__Input data__.
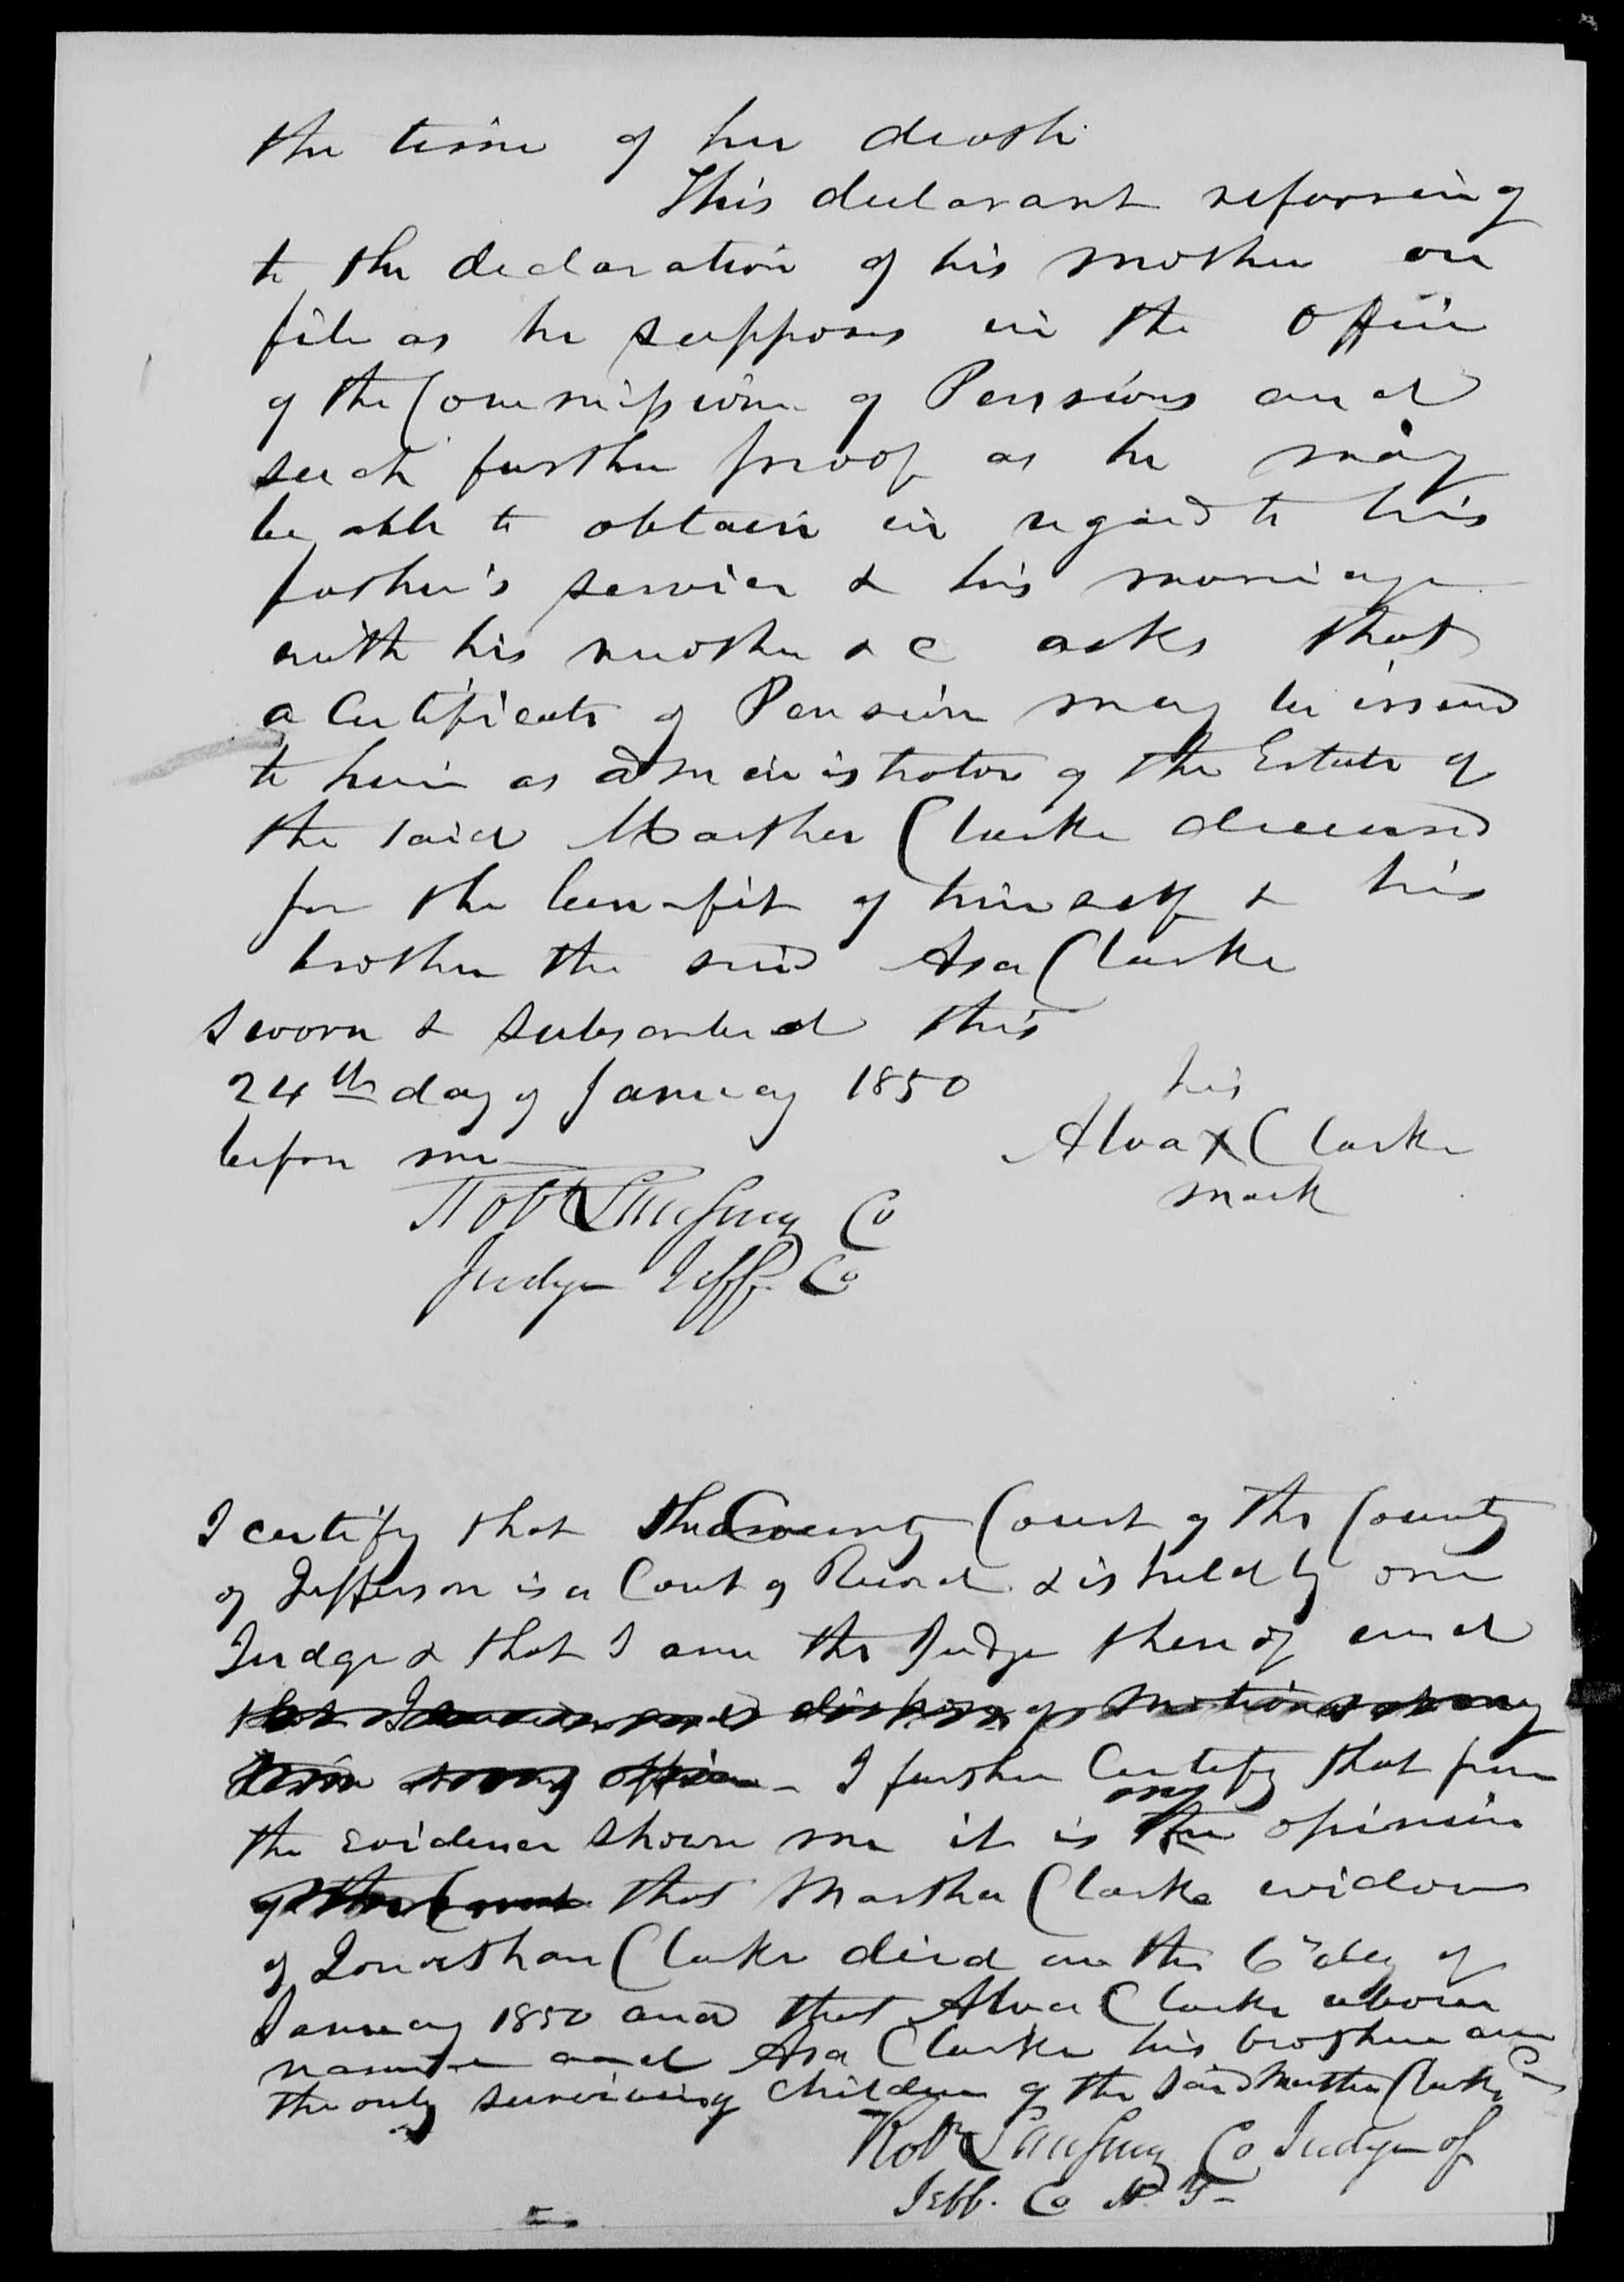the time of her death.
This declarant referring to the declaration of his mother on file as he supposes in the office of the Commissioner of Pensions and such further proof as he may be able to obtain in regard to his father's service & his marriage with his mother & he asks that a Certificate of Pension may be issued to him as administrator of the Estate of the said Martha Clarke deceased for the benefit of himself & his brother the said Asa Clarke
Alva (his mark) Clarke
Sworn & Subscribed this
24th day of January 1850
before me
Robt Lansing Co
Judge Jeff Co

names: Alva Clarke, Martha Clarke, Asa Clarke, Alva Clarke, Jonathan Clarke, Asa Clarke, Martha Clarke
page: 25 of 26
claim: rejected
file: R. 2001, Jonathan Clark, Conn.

---

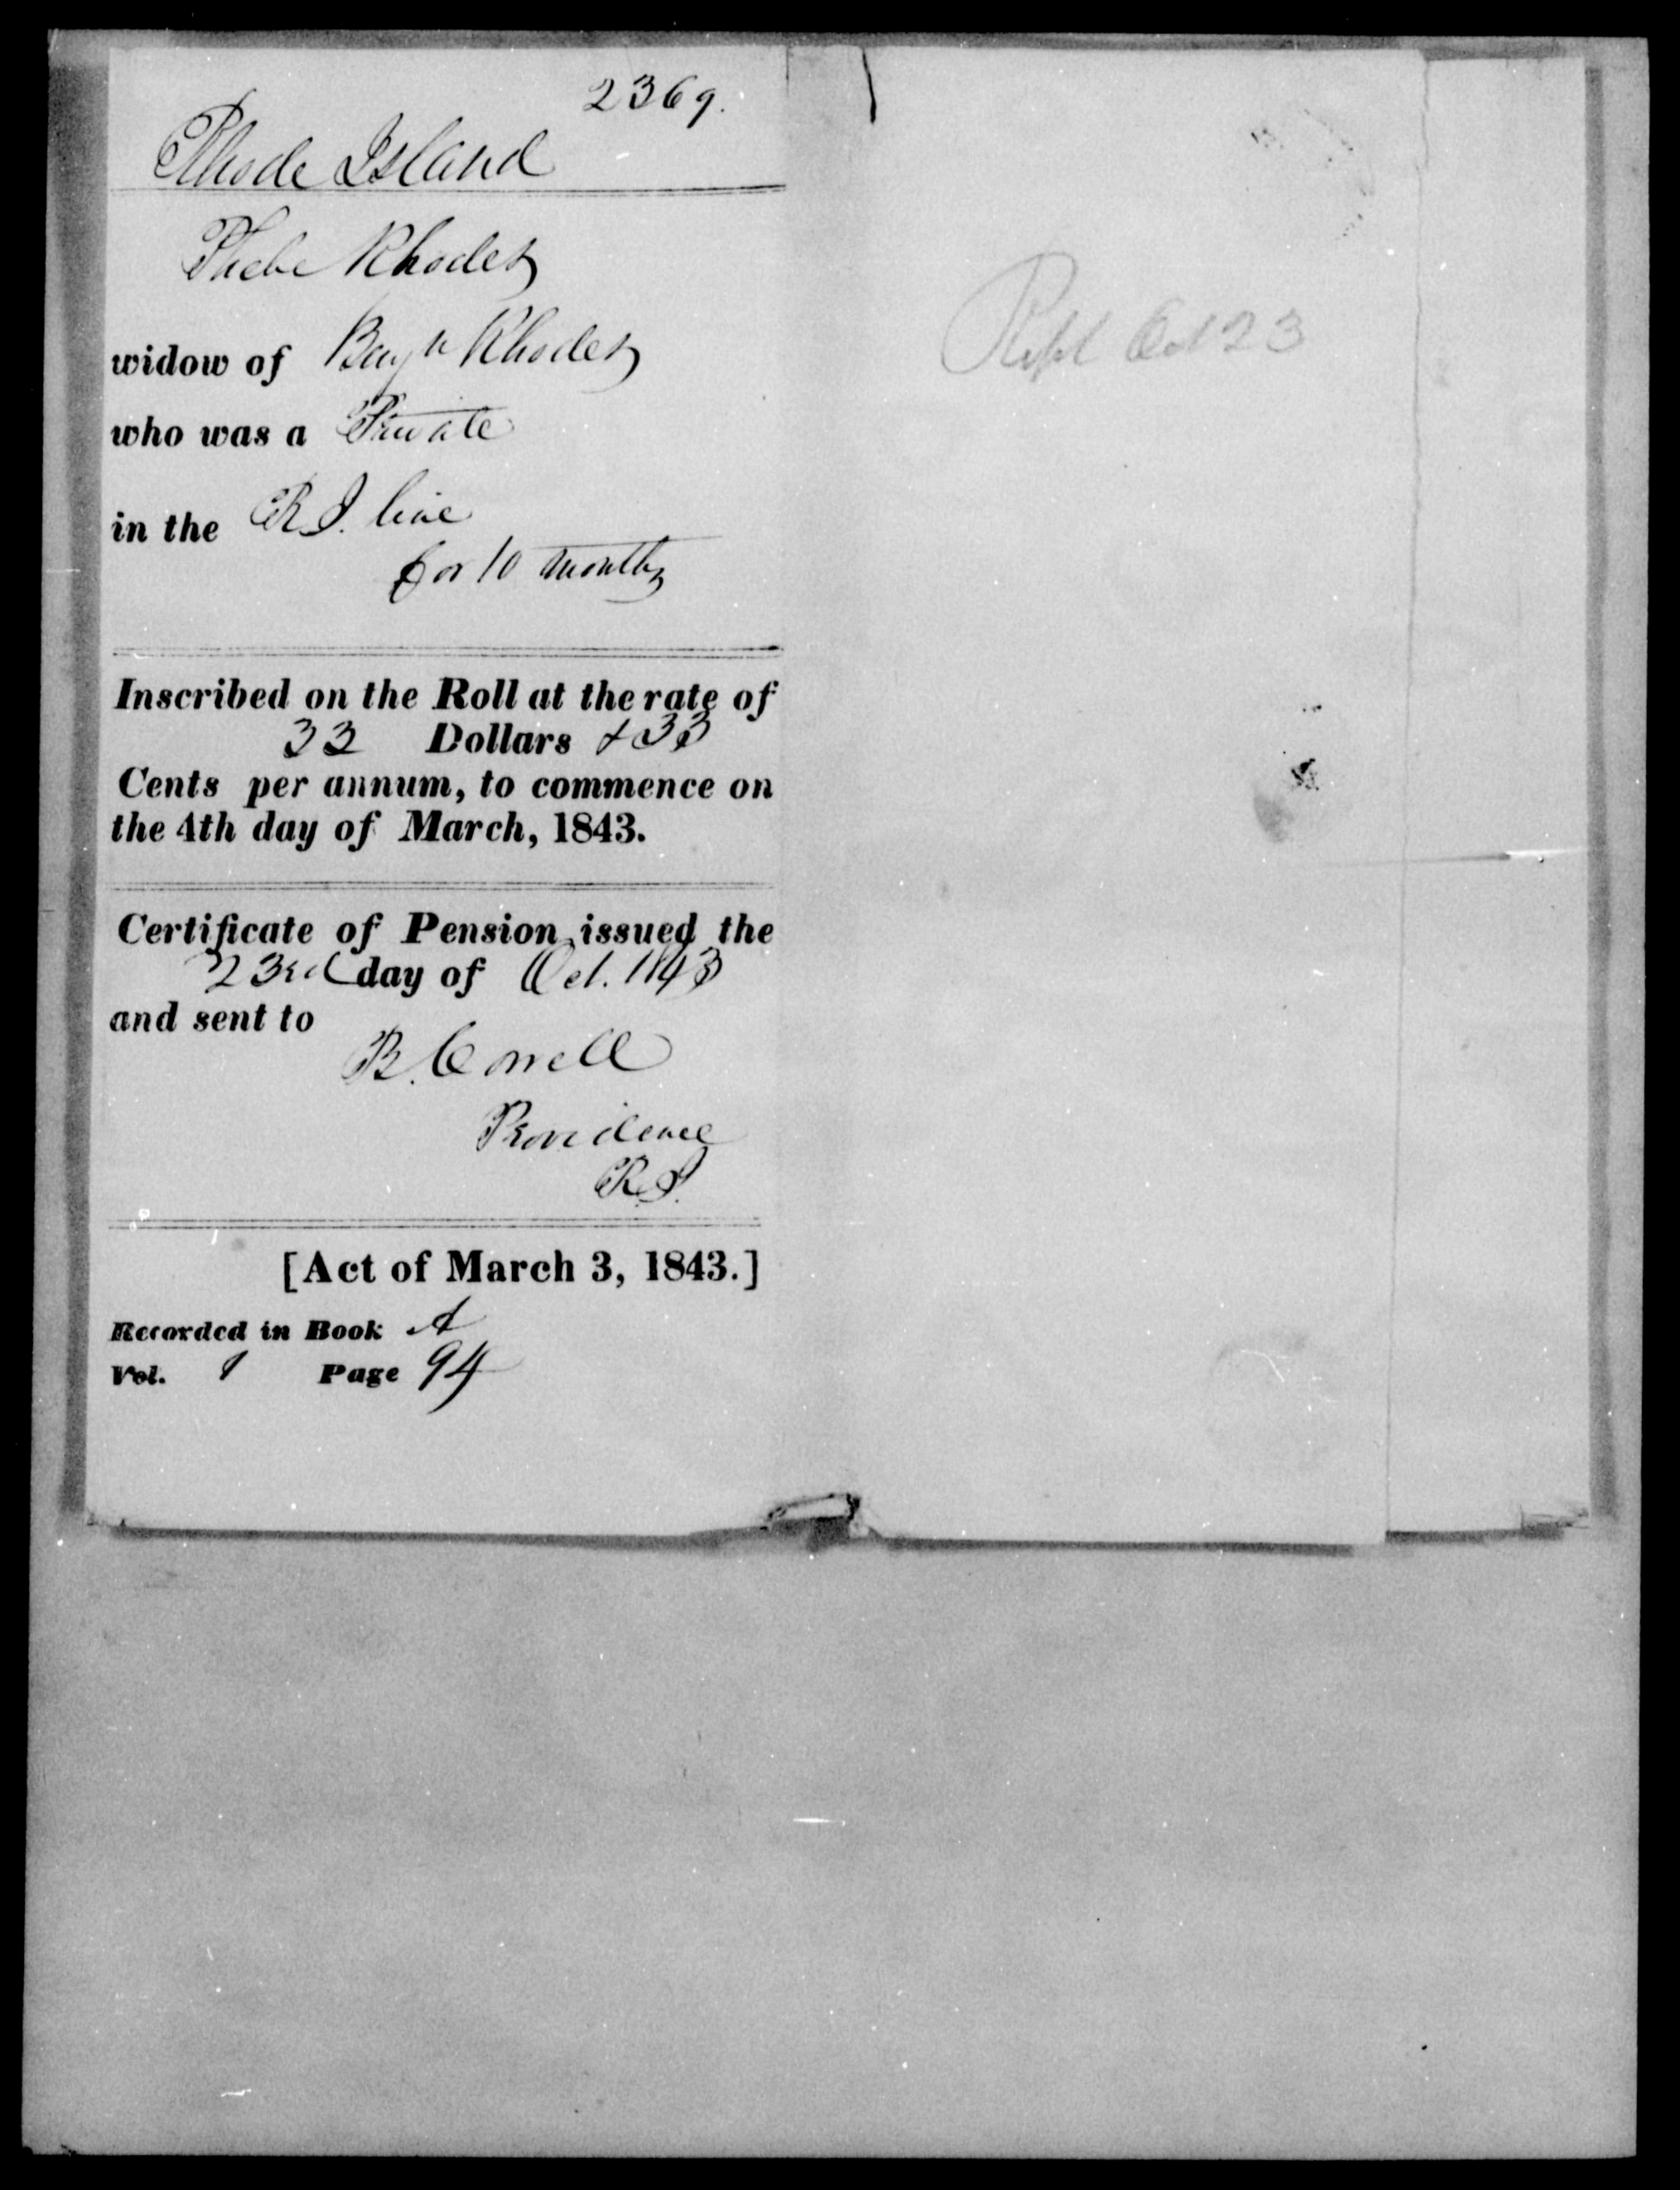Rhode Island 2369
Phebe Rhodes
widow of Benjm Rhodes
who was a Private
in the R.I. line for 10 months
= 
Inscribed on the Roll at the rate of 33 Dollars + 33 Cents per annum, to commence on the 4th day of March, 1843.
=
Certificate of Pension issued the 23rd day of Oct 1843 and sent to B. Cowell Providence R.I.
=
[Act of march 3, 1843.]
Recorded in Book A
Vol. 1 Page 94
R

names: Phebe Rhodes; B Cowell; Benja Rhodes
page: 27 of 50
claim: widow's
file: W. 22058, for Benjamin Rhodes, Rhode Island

__Work instructions__. Reproduce exactly the lines above that run from the one with "the time of her death." to the one with "Robt Lansing Co", both included, leaving pictures out.

__Reply to the task__.
the time of her death.
This declarant referring to the declaration of his mother on file as he supposes in the office of the Commissioner of Pensions and such further proof as he may be able to obtain in regard to his father's service & his marriage with his mother & he asks that a Certificate of Pension may be issued to him as administrator of the Estate of the said Martha Clarke deceased for the benefit of himself & his brother the said Asa Clarke
Alva (his mark) Clarke
Sworn & Subscribed this
24th day of January 1850
before me
Robt Lansing Co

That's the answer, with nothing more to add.